Il tifo violento in Italia. Teppismo calcistico e ordine pubblico negli stadi (1947-2020) Milazzo Fabio - Franco Angeli, 2022 - La Società It. Moderna E Contemp.-Sez. 1
Invasioni di campo, sassaiole, aggressioni alle terne arbitrali e ai giocatori, scontri tra tifosi. Intemperanze e violenze hanno accompagnato il calcio fin dalle sue origini, ma è nell'Italia del secondo dopoguerra che il fenomeno va incontro a una svolta. Non soltanto si registra un incremento degli episodi, ma progressivamente cambiano anche le cause e le tipologie di incidenti che, sempre più spesso, coinvolgono le opposte tifoserie. Complice l'attenzione mediatica data al fenomeno, a una prima fase di relativa tolleranza, fa seguito un diffuso e progressivo allarme sociale, in buona misura legato all'avvento del tifo estremo. Con gli ultrà gli scontri si moltiplicano, da episodici e legati all'andamento della gara assumono una veste rituale e diventano un criterio per stabilire la supremazia tra i gruppi. La risposta dello Stato, tardiva e improntata a una legislazione di carattere repressivo ed emergenziale, determina ulteriori evoluzioni nel teppismo calcistico. La presente indagine si propone di indagare tali questioni e di presentarli in una ricostruzione storica d'insieme che copre l'arco di tempo compreso tra il secondo dopoguerra e il primo ventennio del nuovo millennio.

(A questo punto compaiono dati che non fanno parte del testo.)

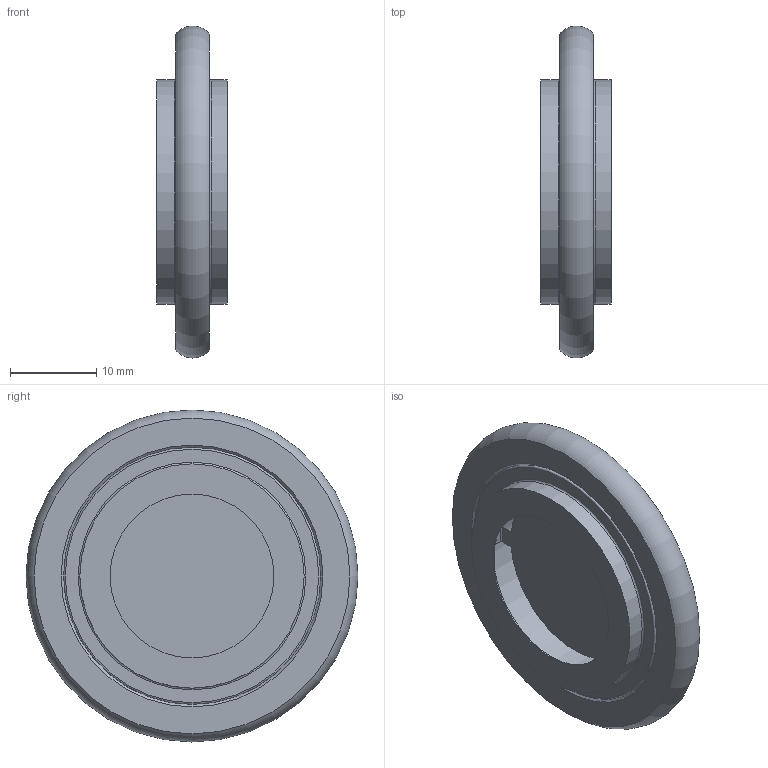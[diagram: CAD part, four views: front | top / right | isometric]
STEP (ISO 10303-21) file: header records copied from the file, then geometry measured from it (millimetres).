
FILE_DESCRIPTION((''),'2;1');
FILE_NAME('M211-113.stp','2013-07-03T12:38:15',('KAA'),(''),'Autodesk Inventor 2012','Autodesk Inventor 2012','');
FILE_SCHEMA(('AUTOMOTIVE_DESIGN { 1 0 10303 214 1 1 1 1 }'));
Length unit declared in the file: millimetre
Products named in the file (1): M211-113
Bounding box: 8.15 x 38.5 x 38.5 mm (x, y, z)
Volume: 2748.3 mm3; surface area: 3900.9 mm2
Topology: 1 solids, 1 shells, 71 faces, 210 edges, 139 vertices
Faces by surface type: plane 39, cylinder 25, torus 7
Full cylindrical faces by diameter (mm): 19 x1, 25 x1, 26 x2
Entity records: 2593 total; most frequent: CARTESIAN_POINT 608, DIRECTION 402, ORIENTED_EDGE 396, EDGE_CURVE 198, AXIS2_PLACEMENT_3D 138, VERTEX_POINT 138, VECTOR 126, LINE 126
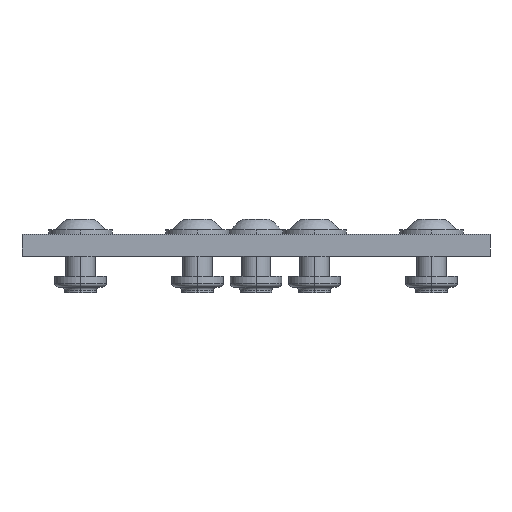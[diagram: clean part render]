
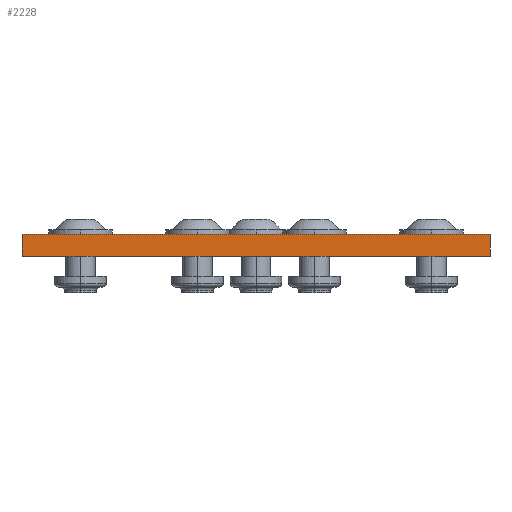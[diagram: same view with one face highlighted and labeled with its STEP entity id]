
A CAD part, front view. The second image highlights one B-rep face of the part: STEP entity #2228.
In plain terms, the highlighted planar face has unit normal (0, -1, 0).
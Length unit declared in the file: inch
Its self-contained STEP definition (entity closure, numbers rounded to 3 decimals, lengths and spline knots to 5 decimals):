
#208 = ORIENTED_EDGE ( 'NONE', *, *, #476, .T. ) ;
#234 = EDGE_CURVE ( 'NONE', #457, #433, #1005, .T. ) ;
#401 = ORIENTED_EDGE ( 'NONE', *, *, #234, .F. ) ;
#433 = VERTEX_POINT ( 'NONE', #1210 ) ;
#447 = EDGE_CURVE ( 'NONE', #433, #957, #1366, .T. ) ;
#457 = VERTEX_POINT ( 'NONE', #1424 ) ;
#475 = ORIENTED_EDGE ( 'NONE', *, *, #447, .F. ) ;
#476 = EDGE_CURVE ( 'NONE', #457, #1306, #1548, .T. ) ;
#626 = CARTESIAN_POINT ( 'NONE',  ( 4., 0., 0. ) ) ;
#729 = LINE ( 'NONE', #730, #731 ) ;
#730 = CARTESIAN_POINT ( 'NONE',  ( 0., 0., 0. ) ) ;
#731 = VECTOR ( 'NONE', #732, 39.37008 ) ;
#732 = DIRECTION ( 'NONE',  ( 1., 0., 0. ) ) ;
#782 = CARTESIAN_POINT ( 'NONE',  ( 0., 0., 0. ) ) ;
#957 = VERTEX_POINT ( 'NONE', #626 ) ;
#1005 = LINE ( 'NONE', #1006, #1007 ) ;
#1006 = CARTESIAN_POINT ( 'NONE',  ( 0., 0., 0.188 ) ) ;
#1007 = VECTOR ( 'NONE', #1008, 39.37008 ) ;
#1008 = DIRECTION ( 'NONE',  ( 1., 0., 0. ) ) ;
#1168 = EDGE_CURVE ( 'NONE', #1306, #957, #729, .T. ) ;
#1210 = CARTESIAN_POINT ( 'NONE',  ( 4., 0., 0.188 ) ) ;
#1286 = FACE_OUTER_BOUND ( 'NONE', #2003, .T. ) ;
#1287 = PLANE ( 'NONE',  #1288 ) ;
#1288 = AXIS2_PLACEMENT_3D ( 'NONE', #1290, #1291, #1292 ) ;
#1290 = CARTESIAN_POINT ( 'NONE',  ( 0., 0., 0.188 ) ) ;
#1291 = DIRECTION ( 'NONE',  ( 0., 1., 0. ) ) ;
#1292 = DIRECTION ( 'NONE',  ( -1., 0., 0. ) ) ;
#1306 = VERTEX_POINT ( 'NONE', #782 ) ;
#1366 = LINE ( 'NONE', #1367, #1368 ) ;
#1367 = CARTESIAN_POINT ( 'NONE',  ( 4., 0., 0.188 ) ) ;
#1368 = VECTOR ( 'NONE', #1369, 39.37008 ) ;
#1369 = DIRECTION ( 'NONE',  ( 0., 0., -1. ) ) ;
#1424 = CARTESIAN_POINT ( 'NONE',  ( 0., 0., 0.188 ) ) ;
#1515 = ORIENTED_EDGE ( 'NONE', *, *, #1168, .T. ) ;
#1548 = LINE ( 'NONE', #1549, #1550 ) ;
#1549 = CARTESIAN_POINT ( 'NONE',  ( 0., 0., 0.188 ) ) ;
#1550 = VECTOR ( 'NONE', #1551, 39.37008 ) ;
#1551 = DIRECTION ( 'NONE',  ( 0., 0., -1. ) ) ;
#2003 = EDGE_LOOP ( 'NONE', ( #1515, #475, #401, #208 ) ) ;
#2228 = ADVANCED_FACE ( 'NONE', ( #1286 ), #1287, .F. ) ;
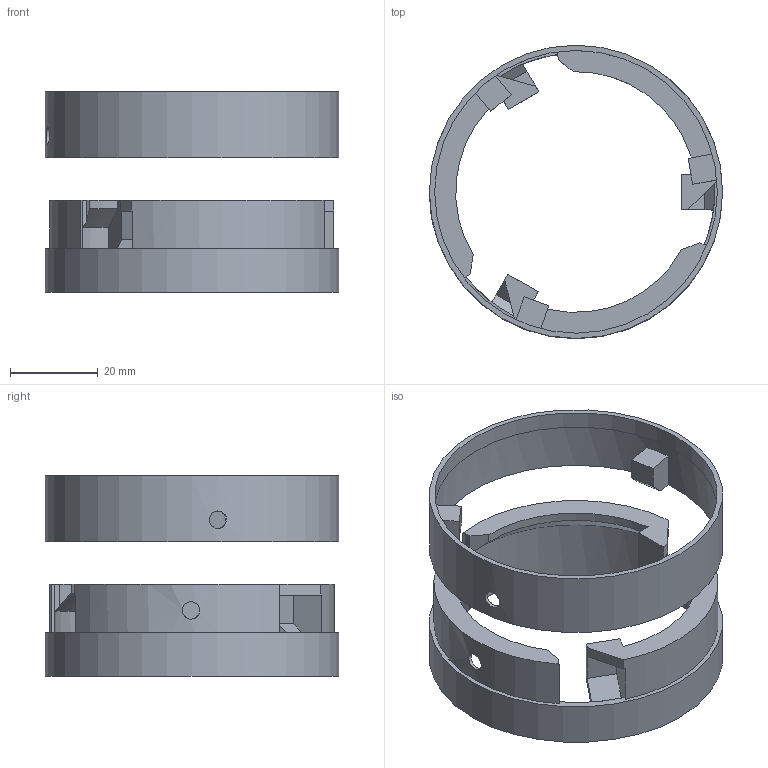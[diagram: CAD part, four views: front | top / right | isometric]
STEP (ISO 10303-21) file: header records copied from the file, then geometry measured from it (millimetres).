
FILE_DESCRIPTION(/* description */ (''),/* implementation_level */ '2;1');
FILE_NAME(/* name */ 'fbe34c47-b84d-4cd4-ab7a-bc446a9fd2d7.stp',/* time_stamp */ '2025-09-29T00:16:05Z',/* author */ (''),/* organization */ (''),/* preprocessor_version */ 'ST-DEVELOPER v20.1',/* originating_system */ 'Autodesk Translation Framework v14.17.0.0',/* authorisation */ '');
FILE_SCHEMA (('AUTOMOTIVE_DESIGN { 1 0 10303 214 3 1 1 }'));
Length unit declared in the file: millimetre
Products named in the file (3): Rocket Section Connector 4.0; Component1; Component2
Assembly tree (2 placements, depth 2):
  Rocket Section Connector 4.0
    Component1
    Component2
Bounding box: 67 x 67 x 45.71 mm (x, y, z)
Volume: 11968.8 mm3; surface area: 17622.9 mm2
Topology: 2 solids, 2 shells, 84 faces, 241 edges, 162 vertices
Faces by surface type: plane 60, cylinder 18, cone 6
Full cylindrical faces by diameter (mm): 4 x2, 63.4 x1, 64.6 x1, 65.4 x1, 67 x2
Entity records: 2963 total; most frequent: CARTESIAN_POINT 676, ORIENTED_EDGE 482, DIRECTION 446, EDGE_CURVE 241, VERTEX_POINT 162, LINE 158, VECTOR 158, AXIS2_PLACEMENT_3D 144
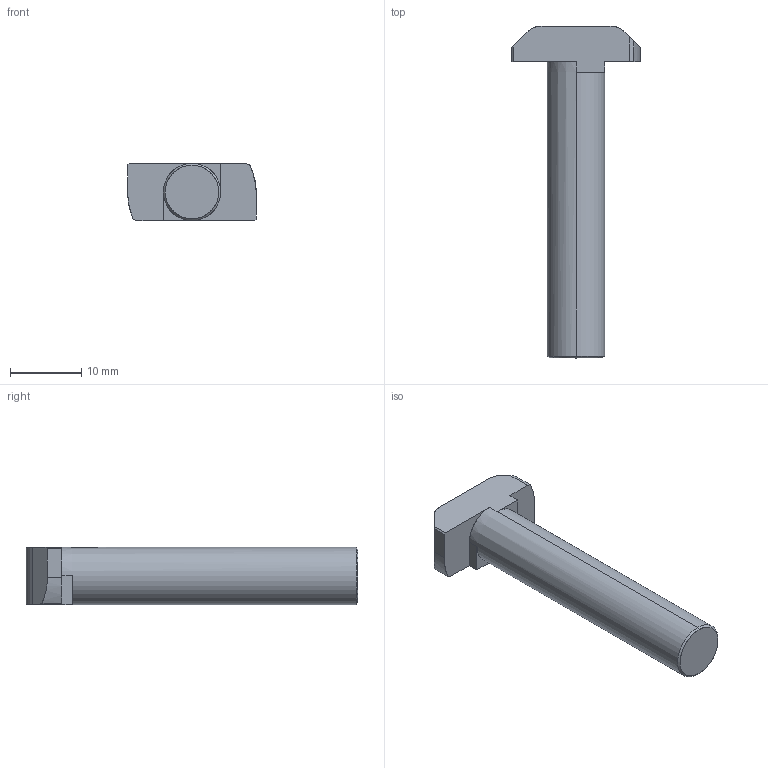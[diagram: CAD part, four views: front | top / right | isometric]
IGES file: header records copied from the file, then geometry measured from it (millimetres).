
Start section: SolidWorks IGES file using analytic representation for surfaces
Global section: file name: Parafuso T  235-40.IGS; native system: SolidWorks 2007; preprocessor: SolidWorks 2007; author: jean; date: 170330.083719; units: millimetre
Bounding box: 18 x 46.5 x 8 mm (x, y, z)
Surface area: 1534.9 mm2 (no closed solid volume)
Topology: 0 solids, 0 shells, 26 faces, 218 edges, 218 vertices
Faces by surface type: bspline 18, revolution 8
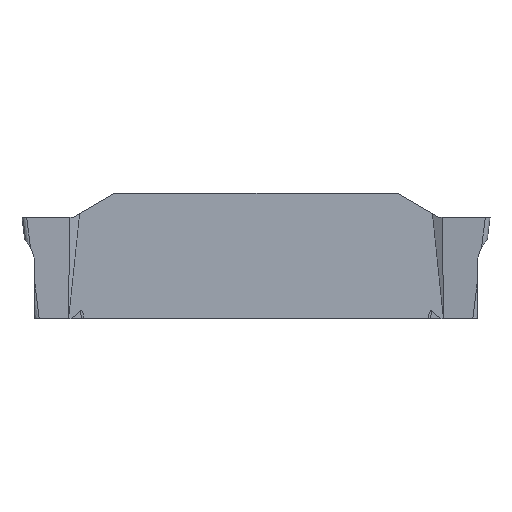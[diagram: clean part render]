
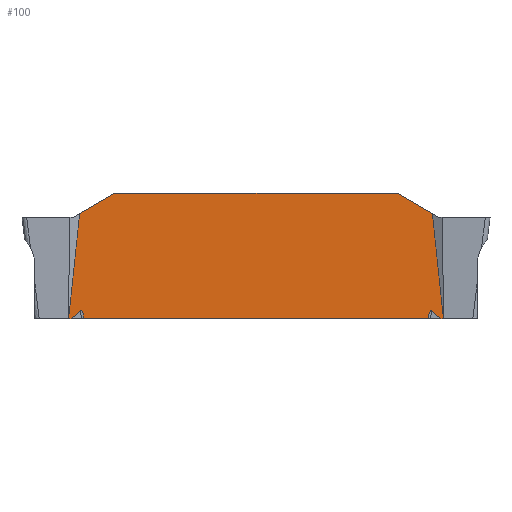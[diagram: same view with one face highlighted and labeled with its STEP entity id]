
A CAD part, left-side view. The second image highlights one B-rep face of the part: STEP entity #100.
In plain terms, the highlighted planar face has unit normal (-1, 0, 0).
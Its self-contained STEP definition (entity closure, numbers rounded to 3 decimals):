
#73=B_SPLINE_CURVE_WITH_KNOTS('',3,(#1309,#1310,#1311,#1312,#1313,#1314,
#1315,#1316,#1317,#1318,#1319,#1320,#1321,#1322,#1323,#1324,#1325,#1326,
#1327,#1328,#1329,#1330,#1331,#1332,#1333),.UNSPECIFIED.,.F.,.F.,(4,3,3,
3,3,3,3,3,4),(0.,0.018,0.037,0.054,
0.075,0.114,0.247,0.885,
1.),.UNSPECIFIED.);
#74=B_SPLINE_CURVE_WITH_KNOTS('',3,(#1334,#1335,#1336,#1337,#1338,#1339,
#1340,#1341,#1342,#1343,#1344,#1345,#1346,#1347,#1348,#1349,#1350,#1351,
#1352,#1353,#1354,#1355,#1356,#1357,#1358,#1359,#1360,#1361,#1362,#1363,
#1364,#1365,#1366,#1367),.UNSPECIFIED.,.F.,.F.,(4,3,3,3,3,3,3,3,3,3,3,4),
(0.,0.366,0.584,0.716,0.798,
0.868,0.911,0.934,0.952,
0.971,0.986,1.),.UNSPECIFIED.);
#100=ADVANCED_FACE('SIDE_IB_1_SU5',(#166),#138,.F.);
#138=PLANE('',#873);
#166=FACE_OUTER_BOUND('',#208,.T.);
#208=EDGE_LOOP('',(#439,#440,#441,#442,#443,#444,#445,#446,#447,#448,#449,
#450));
#251=LINE('',#1107,#319);
#253=LINE('',#1115,#321);
#255=LINE('',#1123,#323);
#273=LINE('',#1307,#341);
#274=LINE('',#1369,#342);
#275=LINE('',#1370,#343);
#276=LINE('',#1372,#344);
#277=LINE('',#1374,#345);
#278=LINE('',#1376,#346);
#279=LINE('',#1378,#347);
#319=VECTOR('',#914,1.);
#321=VECTOR('',#916,1.);
#323=VECTOR('',#918,1.);
#341=VECTOR('',#958,1.);
#342=VECTOR('',#959,1.);
#343=VECTOR('',#960,1.);
#344=VECTOR('',#961,1.);
#345=VECTOR('',#962,1.);
#346=VECTOR('',#963,1.);
#347=VECTOR('',#964,1.);
#439=ORIENTED_EDGE('',*,*,#753,.T.);
#440=ORIENTED_EDGE('',*,*,#754,.T.);
#441=ORIENTED_EDGE('',*,*,#714,.F.);
#442=ORIENTED_EDGE('',*,*,#755,.T.);
#443=ORIENTED_EDGE('',*,*,#756,.T.);
#444=ORIENTED_EDGE('',*,*,#711,.F.);
#445=ORIENTED_EDGE('',*,*,#757,.T.);
#446=ORIENTED_EDGE('',*,*,#758,.F.);
#447=ORIENTED_EDGE('',*,*,#759,.F.);
#448=ORIENTED_EDGE('',*,*,#760,.F.);
#449=ORIENTED_EDGE('',*,*,#761,.T.);
#450=ORIENTED_EDGE('',*,*,#717,.F.);
#631=VERTEX_POINT('',#1106);
#632=VERTEX_POINT('',#1108);
#634=VERTEX_POINT('',#1114);
#635=VERTEX_POINT('',#1116);
#637=VERTEX_POINT('',#1122);
#638=VERTEX_POINT('',#1124);
#667=VERTEX_POINT('',#1308);
#668=VERTEX_POINT('',#1368);
#669=VERTEX_POINT('',#1371);
#670=VERTEX_POINT('',#1373);
#671=VERTEX_POINT('',#1375);
#672=VERTEX_POINT('',#1377);
#711=EDGE_CURVE('',#631,#632,#251,.T.);
#714=EDGE_CURVE('',#634,#635,#253,.T.);
#717=EDGE_CURVE('',#637,#638,#255,.T.);
#753=EDGE_CURVE('',#637,#667,#273,.T.);
#754=EDGE_CURVE('',#667,#635,#73,.T.);
#755=EDGE_CURVE('',#634,#668,#74,.T.);
#756=EDGE_CURVE('',#668,#632,#274,.T.);
#757=EDGE_CURVE('',#631,#669,#275,.T.);
#758=EDGE_CURVE('',#670,#669,#276,.T.);
#759=EDGE_CURVE('',#671,#670,#277,.T.);
#760=EDGE_CURVE('',#672,#671,#278,.T.);
#761=EDGE_CURVE('',#672,#638,#279,.T.);
#873=AXIS2_PLACEMENT_3D('',#1379,#965,#966);
#914=DIRECTION('',(0.,1.,0.));
#916=DIRECTION('',(0.,1.,0.));
#918=DIRECTION('',(0.,1.,0.));
#958=DIRECTION('',(0.,-0.769,0.64));
#959=DIRECTION('',(0.,-0.769,-0.64));
#960=DIRECTION('',(0.,0.104,0.995));
#961=DIRECTION('',(0.,-0.866,-0.5));
#962=DIRECTION('',(0.,-1.,0.));
#963=DIRECTION('',(0.,-0.866,0.5));
#964=DIRECTION('',(0.,0.104,-0.995));
#965=DIRECTION('',(1.,0.,0.));
#966=DIRECTION('',(0.,0.,-1.));
#1106=CARTESIAN_POINT('',(-0.8,-8.272,-4.47));
#1107=CARTESIAN_POINT('',(-0.8,0.,-4.47));
#1108=CARTESIAN_POINT('',(-0.8,-8.163,-4.47));
#1114=CARTESIAN_POINT('',(-0.8,-7.586,-4.47));
#1115=CARTESIAN_POINT('',(-0.8,0.,-4.47));
#1116=CARTESIAN_POINT('',(-0.8,7.586,-4.47));
#1122=CARTESIAN_POINT('',(-0.8,8.163,-4.47));
#1123=CARTESIAN_POINT('',(-0.8,0.,-4.47));
#1124=CARTESIAN_POINT('',(-0.8,8.272,-4.47));
#1307=CARTESIAN_POINT('',(-0.8,1.143,1.373));
#1308=CARTESIAN_POINT('',(-0.8,7.729,-4.109));
#1309=CARTESIAN_POINT('',(-0.8,7.729,-4.109));
#1310=CARTESIAN_POINT('',(-0.8,7.727,-4.107));
#1311=CARTESIAN_POINT('',(-0.8,7.725,-4.106));
#1312=CARTESIAN_POINT('',(-0.8,7.723,-4.105));
#1313=CARTESIAN_POINT('',(-0.8,7.72,-4.104));
#1314=CARTESIAN_POINT('',(-0.8,7.718,-4.103));
#1315=CARTESIAN_POINT('',(-0.8,7.715,-4.103));
#1316=CARTESIAN_POINT('',(-0.8,7.713,-4.103));
#1317=CARTESIAN_POINT('',(-0.8,7.71,-4.103));
#1318=CARTESIAN_POINT('',(-0.8,7.708,-4.104));
#1319=CARTESIAN_POINT('',(-0.8,7.705,-4.105));
#1320=CARTESIAN_POINT('',(-0.8,7.703,-4.106));
#1321=CARTESIAN_POINT('',(-0.8,7.7,-4.108));
#1322=CARTESIAN_POINT('',(-0.8,7.696,-4.111));
#1323=CARTESIAN_POINT('',(-0.8,7.692,-4.115));
#1324=CARTESIAN_POINT('',(-0.8,7.689,-4.119));
#1325=CARTESIAN_POINT('',(-0.8,7.677,-4.134));
#1326=CARTESIAN_POINT('',(-0.8,7.669,-4.151));
#1327=CARTESIAN_POINT('',(-0.8,7.662,-4.168));
#1328=CARTESIAN_POINT('',(-0.8,7.629,-4.249));
#1329=CARTESIAN_POINT('',(-0.8,7.612,-4.337));
#1330=CARTESIAN_POINT('',(-0.8,7.595,-4.423));
#1331=CARTESIAN_POINT('',(-0.8,7.591,-4.439));
#1332=CARTESIAN_POINT('',(-0.8,7.588,-4.455));
#1333=CARTESIAN_POINT('',(-0.8,7.586,-4.47));
#1334=CARTESIAN_POINT('',(-0.8,-7.586,-4.47));
#1335=CARTESIAN_POINT('',(-0.8,-7.595,-4.42));
#1336=CARTESIAN_POINT('',(-0.8,-7.605,-4.371));
#1337=CARTESIAN_POINT('',(-0.8,-7.617,-4.321));
#1338=CARTESIAN_POINT('',(-0.8,-7.624,-4.292));
#1339=CARTESIAN_POINT('',(-0.8,-7.631,-4.263));
#1340=CARTESIAN_POINT('',(-0.8,-7.64,-4.234));
#1341=CARTESIAN_POINT('',(-0.8,-7.645,-4.216));
#1342=CARTESIAN_POINT('',(-0.8,-7.651,-4.199));
#1343=CARTESIAN_POINT('',(-0.8,-7.657,-4.182));
#1344=CARTESIAN_POINT('',(-0.8,-7.661,-4.171));
#1345=CARTESIAN_POINT('',(-0.8,-7.665,-4.16));
#1346=CARTESIAN_POINT('',(-0.8,-7.67,-4.15));
#1347=CARTESIAN_POINT('',(-0.8,-7.674,-4.142));
#1348=CARTESIAN_POINT('',(-0.8,-7.679,-4.133));
#1349=CARTESIAN_POINT('',(-0.8,-7.684,-4.125));
#1350=CARTESIAN_POINT('',(-0.8,-7.688,-4.12));
#1351=CARTESIAN_POINT('',(-0.8,-7.691,-4.115));
#1352=CARTESIAN_POINT('',(-0.8,-7.696,-4.111));
#1353=CARTESIAN_POINT('',(-0.8,-7.698,-4.109));
#1354=CARTESIAN_POINT('',(-0.8,-7.701,-4.107));
#1355=CARTESIAN_POINT('',(-0.8,-7.704,-4.106));
#1356=CARTESIAN_POINT('',(-0.8,-7.706,-4.104));
#1357=CARTESIAN_POINT('',(-0.8,-7.708,-4.103));
#1358=CARTESIAN_POINT('',(-0.8,-7.711,-4.103));
#1359=CARTESIAN_POINT('',(-0.8,-7.713,-4.103));
#1360=CARTESIAN_POINT('',(-0.8,-7.716,-4.103));
#1361=CARTESIAN_POINT('',(-0.8,-7.718,-4.103));
#1362=CARTESIAN_POINT('',(-0.8,-7.72,-4.104));
#1363=CARTESIAN_POINT('',(-0.8,-7.722,-4.105));
#1364=CARTESIAN_POINT('',(-0.8,-7.724,-4.106));
#1365=CARTESIAN_POINT('',(-0.8,-7.726,-4.107));
#1366=CARTESIAN_POINT('',(-0.8,-7.728,-4.108));
#1367=CARTESIAN_POINT('',(-0.8,-7.729,-4.109));
#1368=CARTESIAN_POINT('',(-0.8,-7.729,-4.109));
#1369=CARTESIAN_POINT('',(-0.8,-1.143,1.373));
#1370=CARTESIAN_POINT('',(-0.8,-7.718,0.809));
#1371=CARTESIAN_POINT('',(-0.8,-7.786,0.168));
#1372=CARTESIAN_POINT('',(-0.8,-2.019,3.497));
#1373=CARTESIAN_POINT('',(-0.8,-6.222,1.07));
#1374=CARTESIAN_POINT('',(-0.8,0.,1.07));
#1375=CARTESIAN_POINT('',(-0.8,6.222,1.07));
#1376=CARTESIAN_POINT('',(-0.8,2.019,3.497));
#1377=CARTESIAN_POINT('',(-0.8,7.786,0.168));
#1378=CARTESIAN_POINT('',(-0.8,7.718,0.809));
#1379=CARTESIAN_POINT('',(-0.8,0.,0.));

La retorica della storia. Hayden White e la svolta linguistica nella seconda metà del Novecento Milazzo Fabio - Franco Angeli, 2025 - Temi Di Storia
Fin dal suo apparire, nel 1973, Metahistory: The Historical Imagination in Nineteenth-century Europe di Hayden White è stata considerata un'opera eversiva e il suo autore uno scettico relativista interessato a demolire la scientificità degli studi storici. Entrambi sono però espressione di un movimento culturale più ampio e contraddittorio, il linguistic turn, che investe la storia - e più in generale le discipline umanistiche - nella seconda metà del Novecento. In nome della centralità del linguaggio nella costruzione della realtà, e dunque anche dei significati storici, nelle sue versioni più radicali, il movimento ha messo in discussione la possibilità stessa di conoscere il passato. Muovendo dal percorso di Hayden White, uno storico del medioevo che a un certo punto si fa sempre più critico verso la propria disciplina, il libro ricostruisce l'orizzonte culturale e la genealogia del dibattito che ha coinvolto la comunità degli storici, collocando la svolta linguistica nel quadro più ampio del postmoderno e della sua presa di distanza rispetto ai valori associati alla modernità. Si delinea così un movimento tutt'altro che omogeneo ma in grado di segnare in profondità la riflessione storiografica a cavallo del nuovo millennio.